According to the U.S. Department of Energy’s Information Administration (EIA), diesel prices jumped another 3.6 cents per gallon last week to $4.055.


This marks the seventh consecutive week in which the national average price has increased — rising 44.2 cents a gallon during that time.

In fact, the last time diesel consumers felt this much pain at the pump was all the way back on March 11, 2013, when fuel cost a whopping $4.088 a gallon.

As has historically been the case, truckers in California are feeling the sting the most as the average diesel price rose 57 cents per gallon last week to $5.051.


Prices are lowest in the Gulf Coast region at $3.830 per gallon.

Courtesy of EIA

Escalating fuel costs is yet another crisis facing American consumers as inflation also continues to soar, now at a 40-year high.

When President Biden took office in January 2020, the national price of on-highway diesel was $2.696 per gallon.


Average diesel costs topped $3 a gallon in early March of that year and have not looked back since.

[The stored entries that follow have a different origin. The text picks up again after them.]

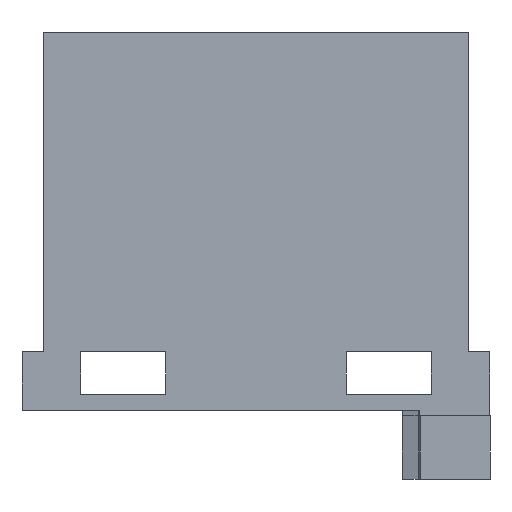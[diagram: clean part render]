
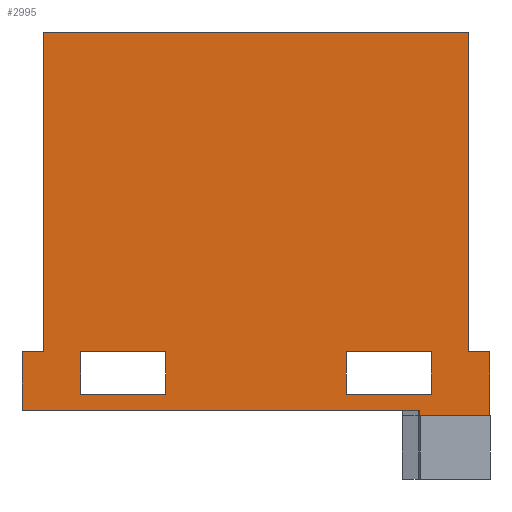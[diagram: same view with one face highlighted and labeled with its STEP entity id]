
A CAD part, left-side view. The second image highlights one B-rep face of the part: STEP entity #2995.
In plain terms, the highlighted planar face has unit normal (-1, 0, 0).
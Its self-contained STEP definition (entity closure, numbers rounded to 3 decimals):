
#56=FACE_BOUND('',#360,.T.);
#57=FACE_BOUND('',#361,.T.);
#212=FACE_OUTER_BOUND('',#359,.T.);
#359=EDGE_LOOP('',(#2082,#2083,#2084,#2085,#2086,#2087,#2088,#2089,#2090,
#2091));
#360=EDGE_LOOP('',(#2092,#2093,#2094,#2095));
#361=EDGE_LOOP('',(#2096,#2097,#2098,#2099));
#598=LINE('',#4249,#948);
#601=LINE('',#4256,#951);
#605=LINE('',#4264,#955);
#608=LINE('',#4270,#958);
#611=LINE('',#4275,#961);
#613=LINE('',#4280,#963);
#617=LINE('',#4288,#967);
#620=LINE('',#4294,#970);
#623=LINE('',#4299,#973);
#628=LINE('',#4309,#978);
#630=LINE('',#4315,#980);
#633=LINE('',#4320,#983);
#637=LINE('',#4327,#987);
#638=LINE('',#4330,#988);
#639=LINE('',#4332,#989);
#640=LINE('',#4334,#990);
#641=LINE('',#4335,#991);
#642=LINE('',#4336,#992);
#948=VECTOR('',#3417,10.);
#951=VECTOR('',#3422,10.);
#955=VECTOR('',#3428,10.);
#958=VECTOR('',#3433,10.);
#961=VECTOR('',#3438,10.);
#963=VECTOR('',#3442,10.);
#967=VECTOR('',#3448,10.);
#970=VECTOR('',#3453,10.);
#973=VECTOR('',#3458,10.);
#978=VECTOR('',#3465,10.);
#980=VECTOR('',#3469,10.);
#983=VECTOR('',#3474,10.);
#987=VECTOR('',#3480,10.);
#988=VECTOR('',#3483,10.);
#989=VECTOR('',#3484,10.);
#990=VECTOR('',#3485,10.);
#991=VECTOR('',#3486,10.);
#992=VECTOR('',#3487,10.);
#1306=VERTEX_POINT('',#4246);
#1307=VERTEX_POINT('',#4248);
#1309=VERTEX_POINT('',#4254);
#1310=VERTEX_POINT('',#4255);
#1313=VERTEX_POINT('',#4263);
#1315=VERTEX_POINT('',#4269);
#1317=VERTEX_POINT('',#4278);
#1318=VERTEX_POINT('',#4279);
#1321=VERTEX_POINT('',#4287);
#1323=VERTEX_POINT('',#4293);
#1326=VERTEX_POINT('',#4303);
#1328=VERTEX_POINT('',#4307);
#1329=VERTEX_POINT('',#4311);
#1331=VERTEX_POINT('',#4314);
#1334=VERTEX_POINT('',#4325);
#1335=VERTEX_POINT('',#4329);
#1336=VERTEX_POINT('',#4331);
#1337=VERTEX_POINT('',#4333);
#1596=EDGE_CURVE('',#1307,#1306,#598,.T.);
#1599=EDGE_CURVE('',#1309,#1310,#601,.T.);
#1603=EDGE_CURVE('',#1310,#1313,#605,.T.);
#1606=EDGE_CURVE('',#1313,#1315,#608,.T.);
#1609=EDGE_CURVE('',#1315,#1309,#611,.T.);
#1611=EDGE_CURVE('',#1317,#1318,#613,.T.);
#1615=EDGE_CURVE('',#1318,#1321,#617,.T.);
#1618=EDGE_CURVE('',#1321,#1323,#620,.T.);
#1621=EDGE_CURVE('',#1323,#1317,#623,.T.);
#1626=EDGE_CURVE('',#1326,#1328,#628,.T.);
#1628=EDGE_CURVE('',#1329,#1331,#630,.T.);
#1631=EDGE_CURVE('',#1331,#1328,#633,.T.);
#1635=EDGE_CURVE('',#1334,#1329,#637,.T.);
#1636=EDGE_CURVE('',#1306,#1335,#638,.T.);
#1637=EDGE_CURVE('',#1336,#1335,#639,.T.);
#1638=EDGE_CURVE('',#1336,#1337,#640,.T.);
#1639=EDGE_CURVE('',#1326,#1337,#641,.T.);
#1640=EDGE_CURVE('',#1307,#1334,#642,.T.);
#2082=ORIENTED_EDGE('',*,*,#1636,.T.);
#2083=ORIENTED_EDGE('',*,*,#1637,.F.);
#2084=ORIENTED_EDGE('',*,*,#1638,.T.);
#2085=ORIENTED_EDGE('',*,*,#1639,.F.);
#2086=ORIENTED_EDGE('',*,*,#1626,.T.);
#2087=ORIENTED_EDGE('',*,*,#1631,.F.);
#2088=ORIENTED_EDGE('',*,*,#1628,.F.);
#2089=ORIENTED_EDGE('',*,*,#1635,.F.);
#2090=ORIENTED_EDGE('',*,*,#1640,.F.);
#2091=ORIENTED_EDGE('',*,*,#1596,.T.);
#2092=ORIENTED_EDGE('',*,*,#1606,.T.);
#2093=ORIENTED_EDGE('',*,*,#1609,.T.);
#2094=ORIENTED_EDGE('',*,*,#1599,.T.);
#2095=ORIENTED_EDGE('',*,*,#1603,.T.);
#2096=ORIENTED_EDGE('',*,*,#1618,.T.);
#2097=ORIENTED_EDGE('',*,*,#1621,.T.);
#2098=ORIENTED_EDGE('',*,*,#1611,.T.);
#2099=ORIENTED_EDGE('',*,*,#1615,.T.);
#2890=PLANE('',#3170);
#2995=ADVANCED_FACE('',(#212,#56,#57),#2890,.T.);
#3170=AXIS2_PLACEMENT_3D('',#4328,#3481,#3482);
#3417=DIRECTION('',(0.,-1.,0.));
#3422=DIRECTION('',(0.,0.,-1.));
#3428=DIRECTION('',(0.,1.,0.));
#3433=DIRECTION('',(0.,0.,1.));
#3438=DIRECTION('',(0.,-1.,0.));
#3442=DIRECTION('',(0.,1.,0.));
#3448=DIRECTION('',(0.,0.,1.));
#3453=DIRECTION('',(0.,-1.,0.));
#3458=DIRECTION('',(0.,0.,-1.));
#3465=DIRECTION('',(0.,0.,1.));
#3469=DIRECTION('',(0.,0.,1.));
#3474=DIRECTION('',(0.,-1.,0.));
#3480=DIRECTION('',(0.,-1.,0.));
#3481=DIRECTION('center_axis',(-1.,0.,0.));
#3482=DIRECTION('ref_axis',(0.,-1.,0.));
#3483=DIRECTION('',(0.,0.,-1.));
#3484=DIRECTION('',(0.,1.,0.));
#3485=DIRECTION('',(0.,0.,1.));
#3486=DIRECTION('',(0.,-1.,0.));
#3487=DIRECTION('',(0.,0.,1.));
#4246=CARTESIAN_POINT('',(40.5,0.039,6.5));
#4248=CARTESIAN_POINT('',(40.5,37.438,6.5));
#4249=CARTESIAN_POINT('',(40.5,28.078,6.5));
#4254=CARTESIAN_POINT('',(40.5,23.938,12.));
#4255=CARTESIAN_POINT('',(40.5,23.938,8.));
#4256=CARTESIAN_POINT('',(40.5,23.938,7.));
#4263=CARTESIAN_POINT('',(40.5,31.938,8.));
#4264=CARTESIAN_POINT('',(40.5,34.688,8.));
#4269=CARTESIAN_POINT('',(40.5,31.938,12.));
#4270=CARTESIAN_POINT('',(40.5,31.938,9.));
#4275=CARTESIAN_POINT('',(40.5,30.688,12.));
#4278=CARTESIAN_POINT('',(40.5,-1.063,8.));
#4279=CARTESIAN_POINT('',(40.5,6.938,8.));
#4280=CARTESIAN_POINT('',(40.5,22.188,8.));
#4287=CARTESIAN_POINT('',(40.5,6.938,12.));
#4288=CARTESIAN_POINT('',(40.5,6.938,9.));
#4293=CARTESIAN_POINT('',(40.5,-1.063,12.));
#4294=CARTESIAN_POINT('',(40.5,18.188,12.));
#4299=CARTESIAN_POINT('',(40.5,-1.063,7.));
#4303=CARTESIAN_POINT('',(40.5,-4.563,12.));
#4307=CARTESIAN_POINT('',(40.5,-4.563,42.));
#4309=CARTESIAN_POINT('',(40.5,-4.563,12.));
#4311=CARTESIAN_POINT('',(40.5,35.438,12.));
#4314=CARTESIAN_POINT('',(40.5,35.438,42.));
#4315=CARTESIAN_POINT('',(40.5,35.438,12.));
#4320=CARTESIAN_POINT('',(40.5,35.438,42.));
#4325=CARTESIAN_POINT('',(40.5,37.438,12.));
#4327=CARTESIAN_POINT('',(40.5,37.438,12.));
#4328=CARTESIAN_POINT('Origin',(40.5,37.438,6.));
#4329=CARTESIAN_POINT('',(40.5,0.039,6.));
#4330=CARTESIAN_POINT('',(40.5,0.039,6.));
#4331=CARTESIAN_POINT('',(40.5,-6.562,6.));
#4332=CARTESIAN_POINT('',(40.5,17.078,6.));
#4333=CARTESIAN_POINT('',(40.5,-6.562,12.));
#4334=CARTESIAN_POINT('',(40.5,-6.562,6.));
#4335=CARTESIAN_POINT('',(40.5,37.438,12.));
#4336=CARTESIAN_POINT('',(40.5,37.438,6.));

The Biden Administration has yet to meaningfully address these problems and it doesn’t appear the White House has a near-term solution to ease the pain.

When asked on Wednesday about skyrocketing fuel costs and the potential impact on oil markets if Russia invades Ukraine, White House Press Secretary Jen Psaki said officials don’t yet have a prediction on how high prices could soon rise.

“As you heard the President say last week, standing up for our values is not without cost,” she said. “What we are trying to do is minimize that cost.”

TransportationNation.com will continue to track it.